StuffLoriThangs · 21/05/2024 20:59

This reply has been deleted

This message has been withdrawn at the poster's request

Did you need to post the exact same reply again?

Hoping77 · 21/05/2024 21:07

Thanks everyone for all the lovely responses. It’s given me a few different opinions but all very helpful.

I think the only option here is to tell her this weekend when I see her or wait for the scan.
She is ultra suspicious of anyone who goes out with her and doesn’t drink and we also cancelled the very same event at Xmas time last year because I had a 24hr sickness bug!

the deception is what’s upsetting me at the moment I think she’d rather know that me kept in the dark. We don’t really keep anything from eachother. And like some of you said, she would definitely be there for me if the scan turned out bad news I know she would be.

it will hit her like a bolt out the blue, we have spent the last 2 years talking about perimenopause symptoms and our periods getting shorter/night sweats/mood swings and brain fog! 🙈😩 x

OP posts:
YaWeeFurryBastard · 21/05/2024 21:16

StuffLoriThangs · 21/05/2024 20:59

Did you need to post the exact same reply again?

To be fair @HappyHolidays22 asked for her first post to be removed as it accidentally had something in there which could be considered offensive, so absolutely fair enough if she wants to repost her comment with that taken out. It’s appreciated tbh.

BrightonFrock · 21/05/2024 21:19

I would cancel the event. I can’t see how you will enjoy it, whatever happens.
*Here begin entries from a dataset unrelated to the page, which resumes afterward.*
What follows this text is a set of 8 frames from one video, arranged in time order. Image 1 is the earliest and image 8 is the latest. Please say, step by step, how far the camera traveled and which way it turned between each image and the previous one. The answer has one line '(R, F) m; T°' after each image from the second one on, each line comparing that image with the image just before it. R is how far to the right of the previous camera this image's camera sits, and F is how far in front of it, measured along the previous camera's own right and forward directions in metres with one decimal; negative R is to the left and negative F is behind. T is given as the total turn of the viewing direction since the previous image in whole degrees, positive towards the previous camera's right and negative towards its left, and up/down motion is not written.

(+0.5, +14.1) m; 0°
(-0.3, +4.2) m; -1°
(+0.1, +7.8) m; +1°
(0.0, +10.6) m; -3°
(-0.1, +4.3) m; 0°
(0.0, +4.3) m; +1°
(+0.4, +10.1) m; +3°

If you tell her you’re pregnant and try to fudge on the drinking, you’ll be on edge all day wondering if she’ll guess. If you do tell her and she gets upset, it ruins the day for both of you. Waiting a while is the best, if not the most honest, solution here.
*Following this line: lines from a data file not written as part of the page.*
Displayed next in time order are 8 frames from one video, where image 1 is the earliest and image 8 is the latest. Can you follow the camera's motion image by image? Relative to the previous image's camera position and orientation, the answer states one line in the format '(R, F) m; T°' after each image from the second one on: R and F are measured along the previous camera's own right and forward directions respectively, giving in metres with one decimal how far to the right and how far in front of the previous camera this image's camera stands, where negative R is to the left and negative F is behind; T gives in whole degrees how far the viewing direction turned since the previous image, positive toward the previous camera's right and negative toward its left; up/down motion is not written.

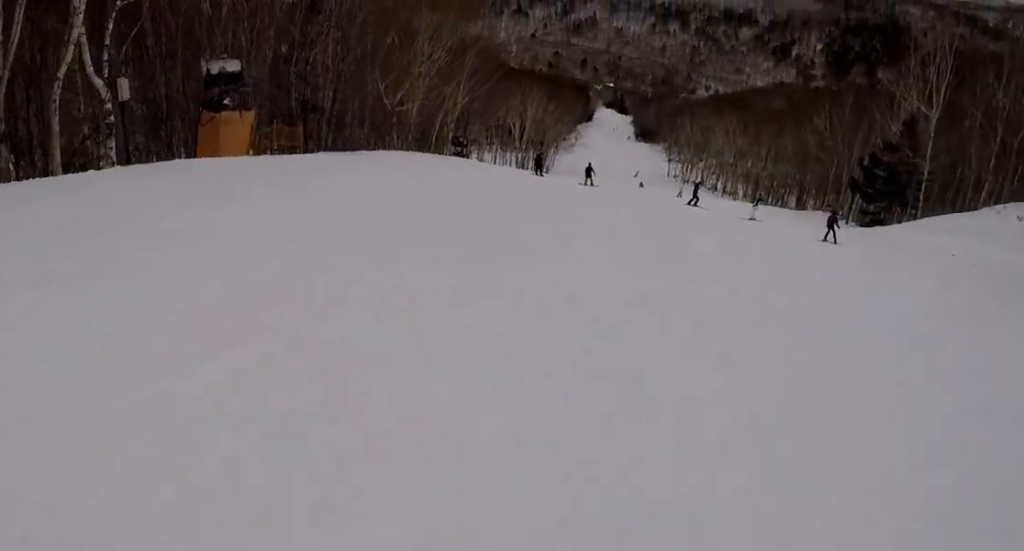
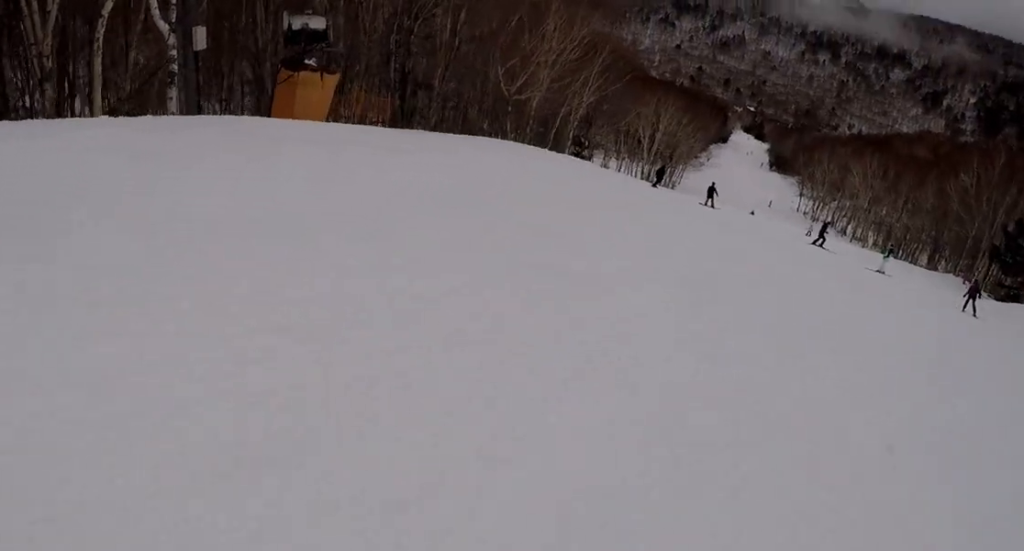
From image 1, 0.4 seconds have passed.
(0.0, +2.2) m; -4°
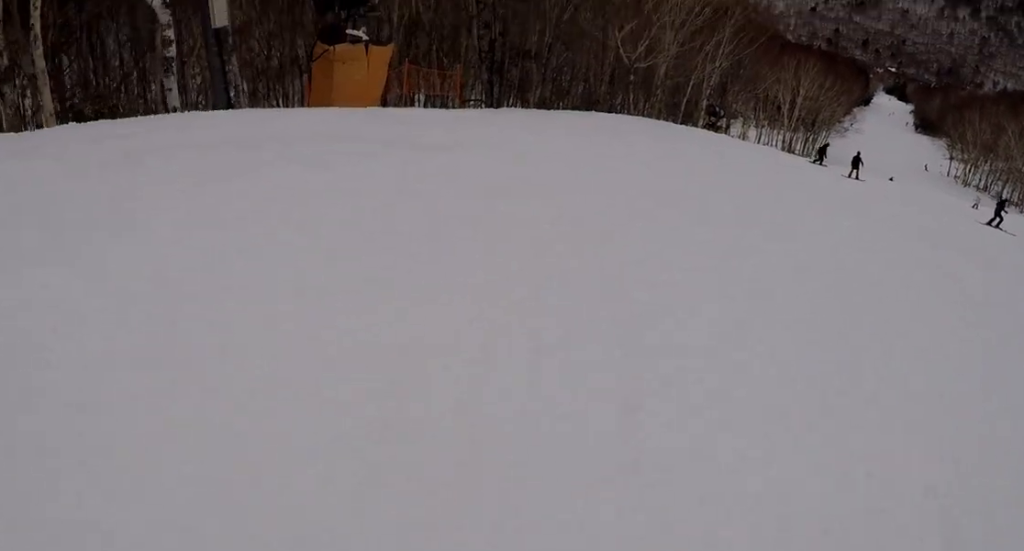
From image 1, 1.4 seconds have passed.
(-0.6, +4.7) m; -17°
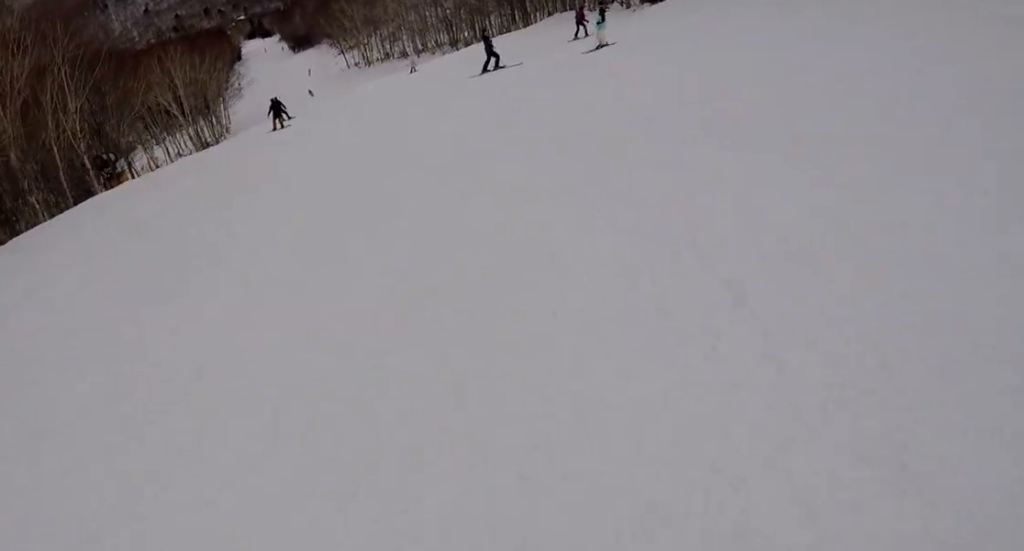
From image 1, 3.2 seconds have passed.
(+0.3, +9.4) m; +32°
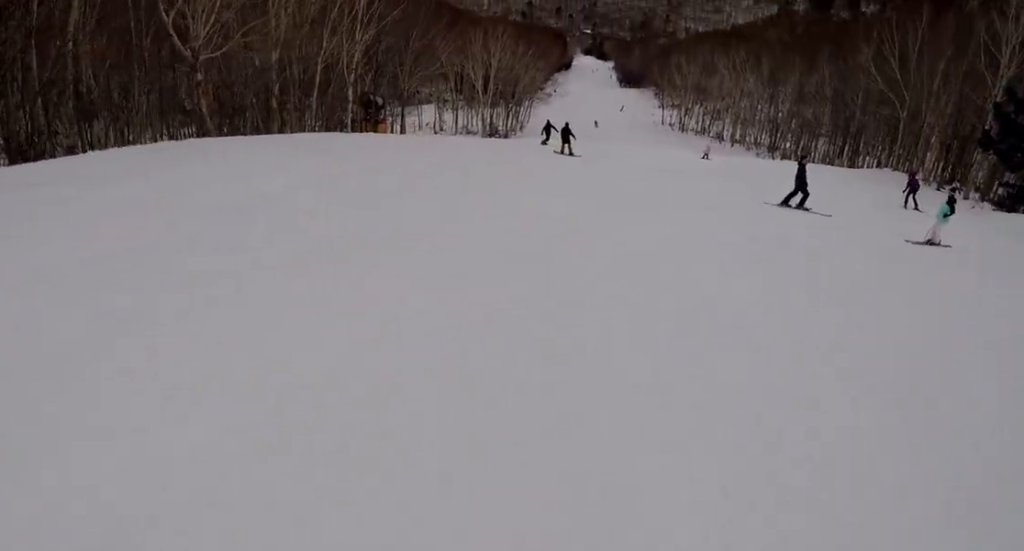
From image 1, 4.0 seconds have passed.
(+1.3, +4.3) m; -5°
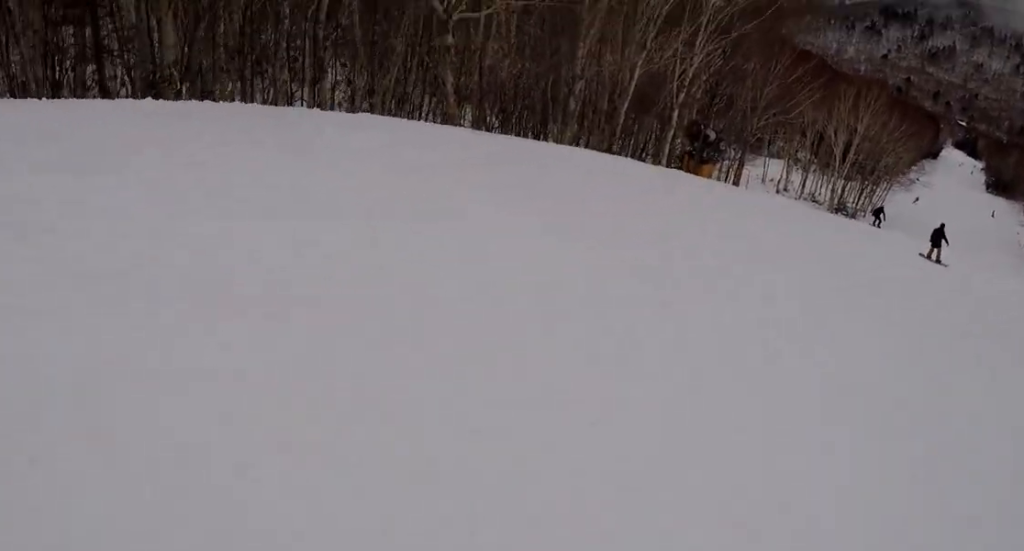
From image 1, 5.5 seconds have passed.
(-2.9, +6.0) m; -35°
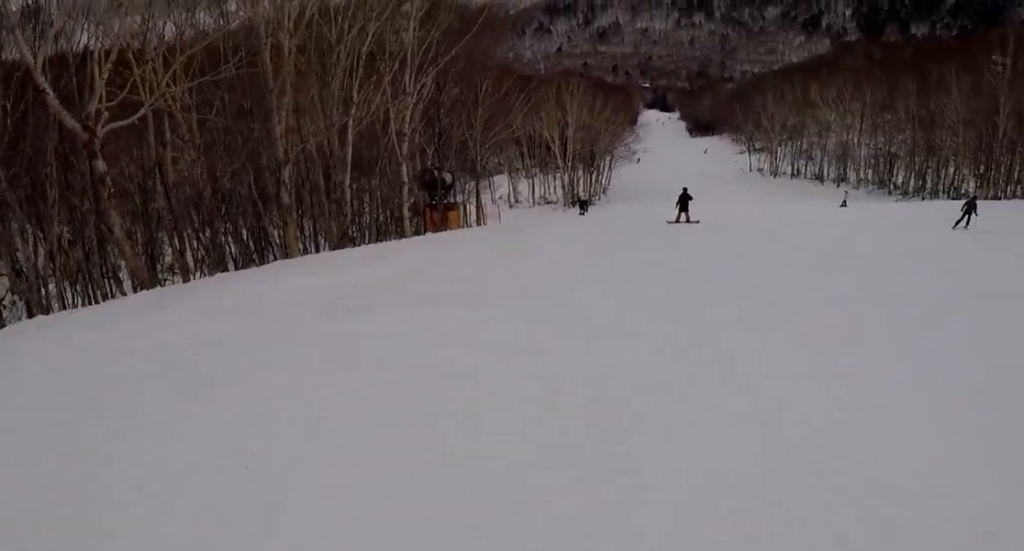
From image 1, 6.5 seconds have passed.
(+0.1, +4.7) m; +16°
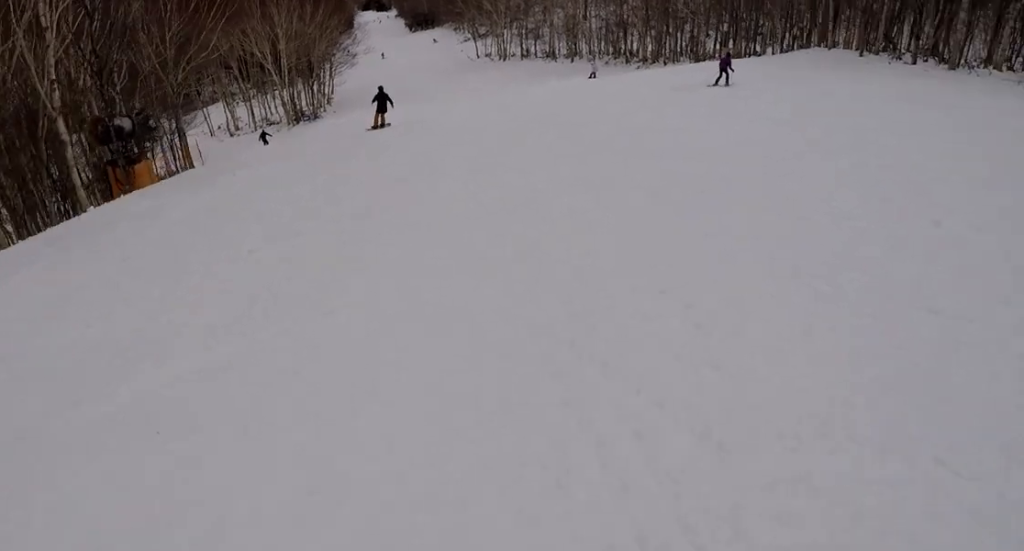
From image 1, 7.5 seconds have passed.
(+1.2, +4.6) m; +10°

Best wishes for the scan 🙂

BrightonFrock · 21/05/2024 21:20

StuffLoriThangs · 21/05/2024 20:59

Did you need to post the exact same reply again?

What’s it to you?

PrincessHoneysuckle · 21/05/2024 21:22

wait

DontKnow1988 · 21/05/2024 21:23

You are making your pregnancy about her. It's not about her. Her circumstances are difficult but not for anyone else to fix. I would cancel the event, and avoid her, until the 12 week scan. You need to protect yourself and your metal health first.